Tesco's is in Trouble!

Who would have thought it?

When I attended a lecture given by their recently retired Chief Financial Officer Andrew Higginson  in 2004, Tesco's were known as having a highly aggressive growth strategy with phenomenal success. They were the market leaders in the UK and had just started looking overseas in USA and China. Everyone expected them to replicate their success in the UK in these overseas markets.

But since then, Tesco's has lost it's golden touch. It found the Chinese market harder to crack than expected, and lost millions trying to adopt to a different shopping culture. Then in April 2013 it pulled the plug on its US operations, costing them £1.2 billion in losses.

At the same time. Tesco's announced its first ever dip in profits. Sales had been stagnating since since 2012.   Then came the horse meat scandal,  when it was discovered their value Bolognaise contained 60% horse meat,

Tesco's has been losing out to other retailers in the UK. It's market share started to decline. Asda, owned by the world's largest supermarket chain Walmart,  generally has prices cheaper that Tescos, especially if one only buys in small quantities.  And it's facing tough competition from the likes of Aldi and Lidi, no frills stores that drive down prices. A new Aldi store is being built in Coulsdon, opposite Tesco's Express store and another bigger one is planned for South Croydon.

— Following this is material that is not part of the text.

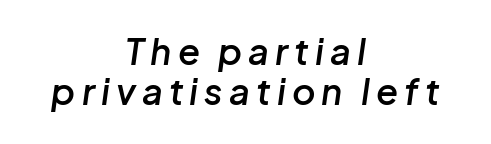
Words float on clear page, feet unadorned. The lettering tilts uniformly, giving the passage an italic look. On the weight axis this lands at semibold, roughly 600. In CSS terms this would be text-align: center. Does the leading feel generous? Not at all — it's pinched. The passage shown is typed in a proportional face where columns would drift.

Yet only a month ago, Motley Fool advised its readers to buy Tesco's, saying the share price couldn't go any lower and the company had great potential for a turn around.

Now we have the accounting errors, overstated sales and understated costs. If it was one of these we may be inclined to think it was an accident. But the massaging of both figures suggest fraud. The 4 people in charge of the UK area have all been sacked. An independent inquiry by Deloittes  has been launched and the worst may yet to be revealed. Clearly Tesco's are in trouble and the UK team have tried to mask that trend.

Worse still, Tesco's are currently without a Chief Financial Officer and the Chief Executive has only been in the post for a matter of months, after Philip Clarke gave up trying to revive Tesc's fortunes.  Markets hate uncertainty and so it's no surprise that the share price has plummeted by over a third this year. It's also significant that the interim results were finalised just after the previous CFO left. Apparently an outside source spotted the error, no wonder then that key people on the UK board have now been sacked.

Tesco's will have to reinvent itself. It's done that before, but is it now too big to turn around? It's second only to Walmart as the world's largest supermarket chain.

Or are we seeing the beginning of a different way of shopping, where price is everything? Ironically Aldi & Lidi have adopted the very model that made Tesco's a success in the 1950's, pile it high and and sell it cheap. These small businesses have been growing rapidly in recent years. Costs have been cut to the bone, you can't even get a plastic bag from them without paying for it.

The new Chief Executive is going to have his work cut out to turn Tesco's around. It may take several years to find a new model that works. The new CFO is leaving Marks & Sparks early in order to get a grip on Tesco's finances. One thing that he needs to tackle is the aggressive culture within Tesco's that pushes people to take risks. I think it will take a number of years to turn Tesco's around.

For now, I wouldn't be investing in Tesco's, until we hear from Deloittes as to what's been happening.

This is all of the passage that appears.